*DATA PROVIDED*
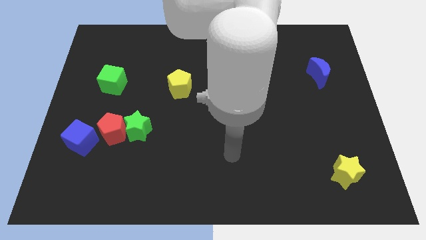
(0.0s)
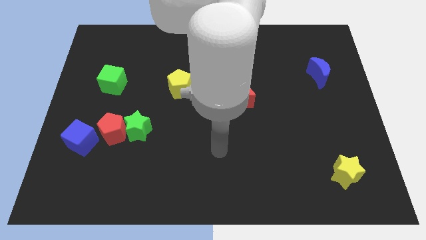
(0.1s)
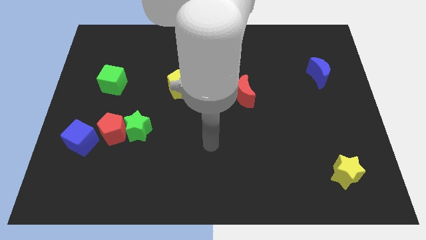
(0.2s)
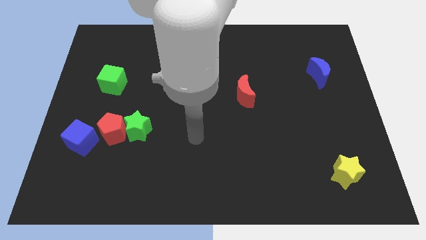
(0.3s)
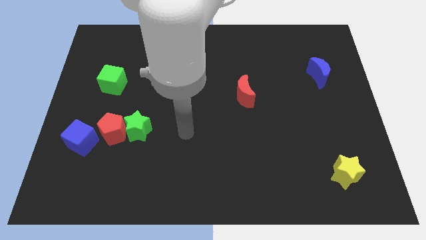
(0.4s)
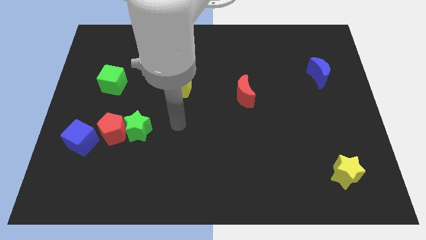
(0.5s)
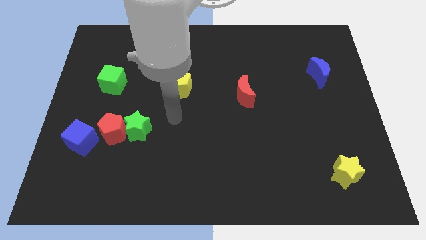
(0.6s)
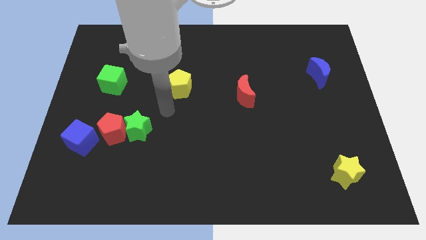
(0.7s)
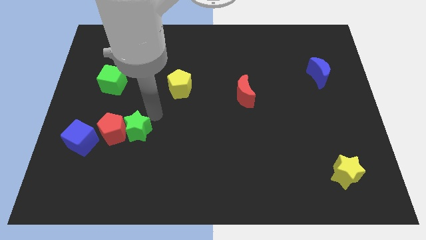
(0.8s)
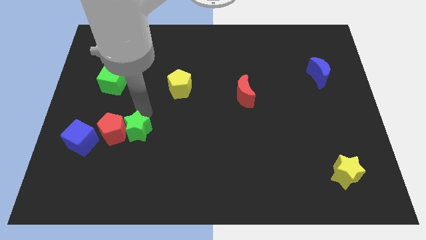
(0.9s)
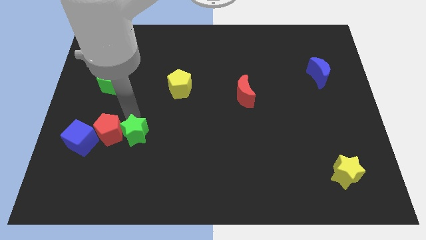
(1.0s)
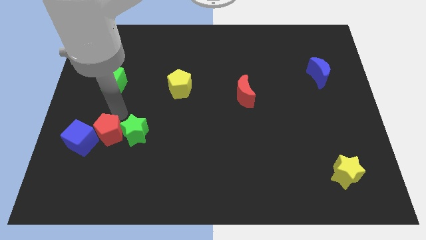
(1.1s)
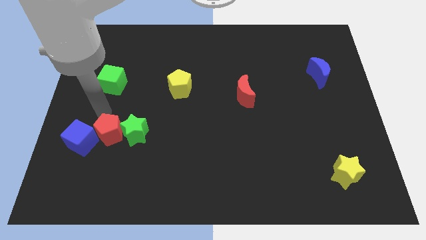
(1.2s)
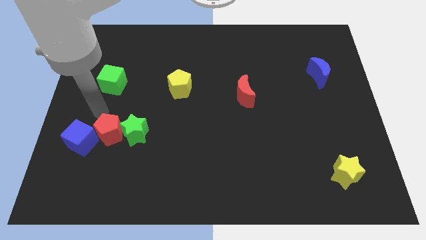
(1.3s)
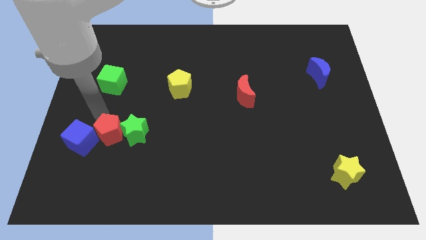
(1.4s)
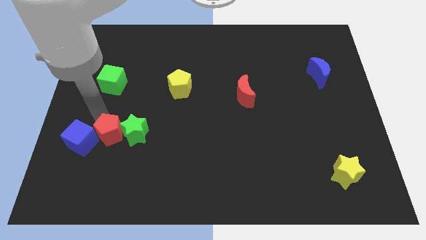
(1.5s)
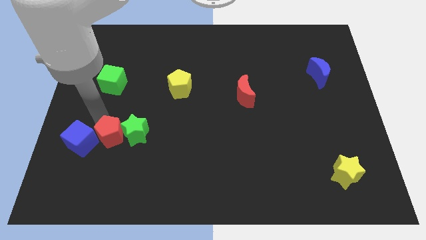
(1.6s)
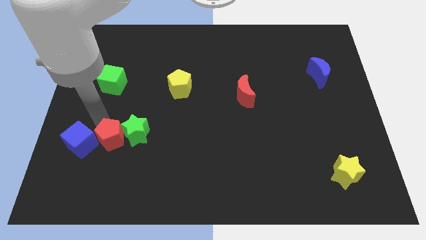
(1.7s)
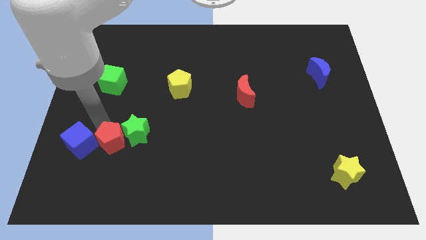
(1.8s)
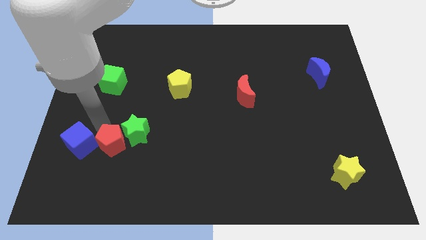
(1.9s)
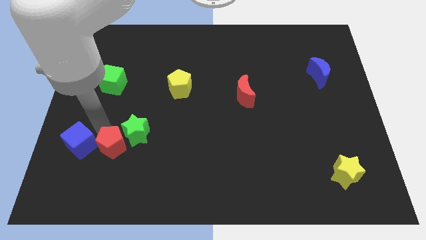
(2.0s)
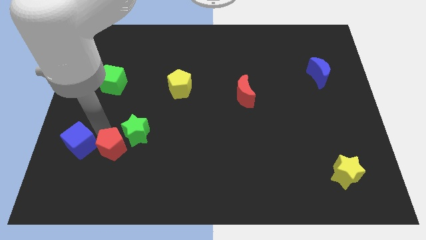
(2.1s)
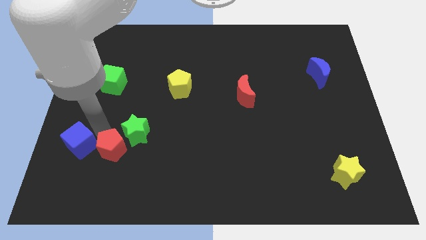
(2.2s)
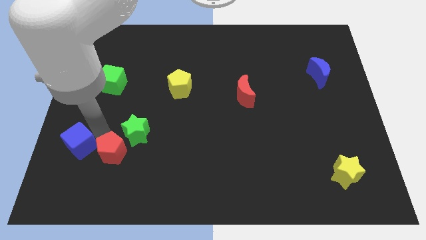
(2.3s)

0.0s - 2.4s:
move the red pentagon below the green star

*WORK TASK*
Set down all of the entries precisely and keep the pictures out of the copy.

*YOUR SOLUTION*
(0.0s)
(0.1s)
(0.2s)
(0.3s)
(0.4s)
(0.5s)
(0.6s)
(0.7s)
(0.8s)
(0.9s)
(1.0s)
(1.1s)
(1.2s)
(1.3s)
(1.4s)
(1.5s)
(1.6s)
(1.7s)
(1.8s)
(1.9s)
(2.0s)
(2.1s)
(2.2s)
(2.3s)

0.0s - 2.4s:
move the red pentagon below the green star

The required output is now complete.